→ **TASK DETAILS**
Output exactly, in the material below, the lines from the one with "Question: What text is written in this image?" through the one with "Answer: އޭގެ ތެރޭގައި". Omit all pictures.

→ **DATA FOR PROCESSING**
---

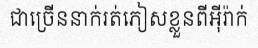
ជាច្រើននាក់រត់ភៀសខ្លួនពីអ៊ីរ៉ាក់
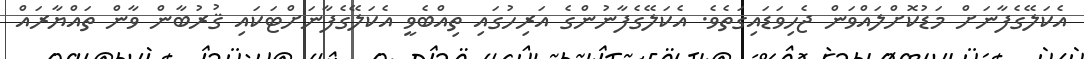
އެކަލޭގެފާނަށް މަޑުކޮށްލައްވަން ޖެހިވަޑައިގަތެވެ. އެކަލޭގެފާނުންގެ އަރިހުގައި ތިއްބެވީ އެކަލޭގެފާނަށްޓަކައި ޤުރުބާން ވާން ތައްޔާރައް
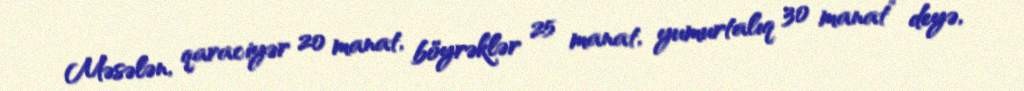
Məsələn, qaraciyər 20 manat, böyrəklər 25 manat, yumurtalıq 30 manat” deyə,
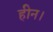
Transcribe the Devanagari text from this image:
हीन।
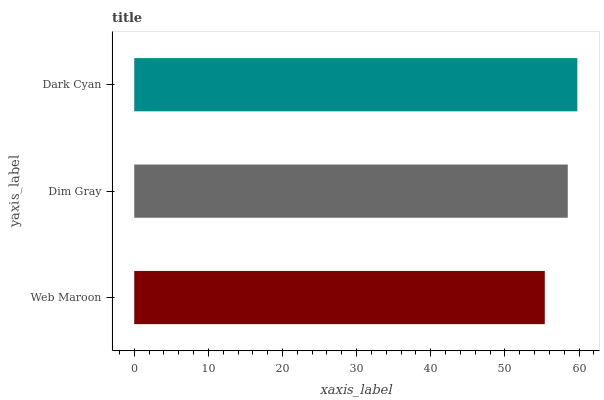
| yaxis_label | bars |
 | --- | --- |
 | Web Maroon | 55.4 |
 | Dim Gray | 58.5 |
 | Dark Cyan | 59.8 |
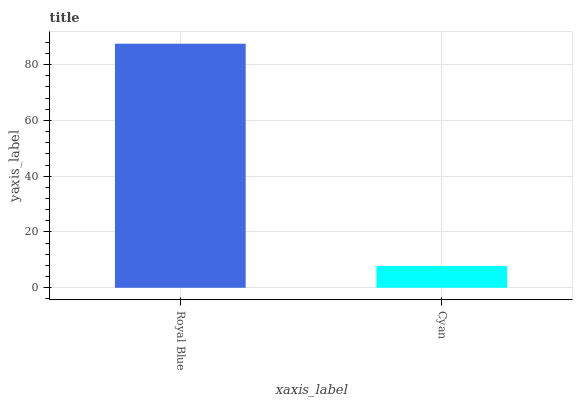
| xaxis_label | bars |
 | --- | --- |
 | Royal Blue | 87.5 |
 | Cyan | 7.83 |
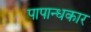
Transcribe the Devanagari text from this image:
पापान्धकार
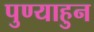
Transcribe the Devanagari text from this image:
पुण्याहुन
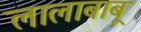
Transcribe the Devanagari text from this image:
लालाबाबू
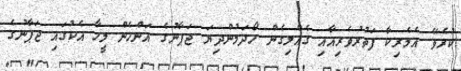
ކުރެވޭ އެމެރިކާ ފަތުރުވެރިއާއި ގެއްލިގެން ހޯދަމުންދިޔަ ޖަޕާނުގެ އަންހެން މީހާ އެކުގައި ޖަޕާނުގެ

---

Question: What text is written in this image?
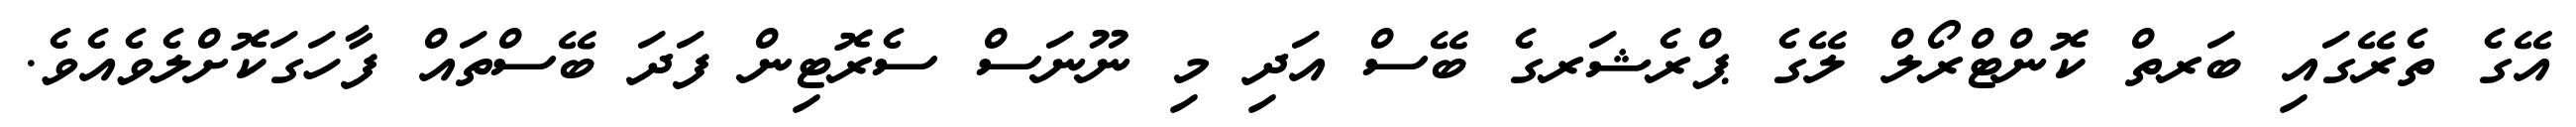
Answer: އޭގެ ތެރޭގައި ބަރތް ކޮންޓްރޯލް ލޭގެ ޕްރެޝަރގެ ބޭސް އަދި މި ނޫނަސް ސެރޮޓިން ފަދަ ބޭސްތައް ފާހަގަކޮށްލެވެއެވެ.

---

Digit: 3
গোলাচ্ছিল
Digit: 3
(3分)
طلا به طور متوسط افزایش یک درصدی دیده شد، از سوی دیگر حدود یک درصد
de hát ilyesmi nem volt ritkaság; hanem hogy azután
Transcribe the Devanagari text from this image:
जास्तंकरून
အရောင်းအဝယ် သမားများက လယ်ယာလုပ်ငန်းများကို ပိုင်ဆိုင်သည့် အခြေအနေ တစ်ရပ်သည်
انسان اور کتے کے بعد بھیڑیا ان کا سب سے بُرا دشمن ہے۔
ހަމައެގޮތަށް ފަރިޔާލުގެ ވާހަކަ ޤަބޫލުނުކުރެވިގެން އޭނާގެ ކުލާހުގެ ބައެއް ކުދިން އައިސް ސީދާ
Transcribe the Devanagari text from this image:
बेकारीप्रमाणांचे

---

→ **SOLUTION**
Question: What text is written in this image?
Answer: އޭގެ ތެރޭގައި ބަރތް ކޮންޓްރޯލް ލޭގެ ޕްރެޝަރގެ ބޭސް އަދި މި ނޫނަސް ސެރޮޓިން ފަދަ ބޭސްތައް ފާހަގަކޮށްލެވެއެވެ.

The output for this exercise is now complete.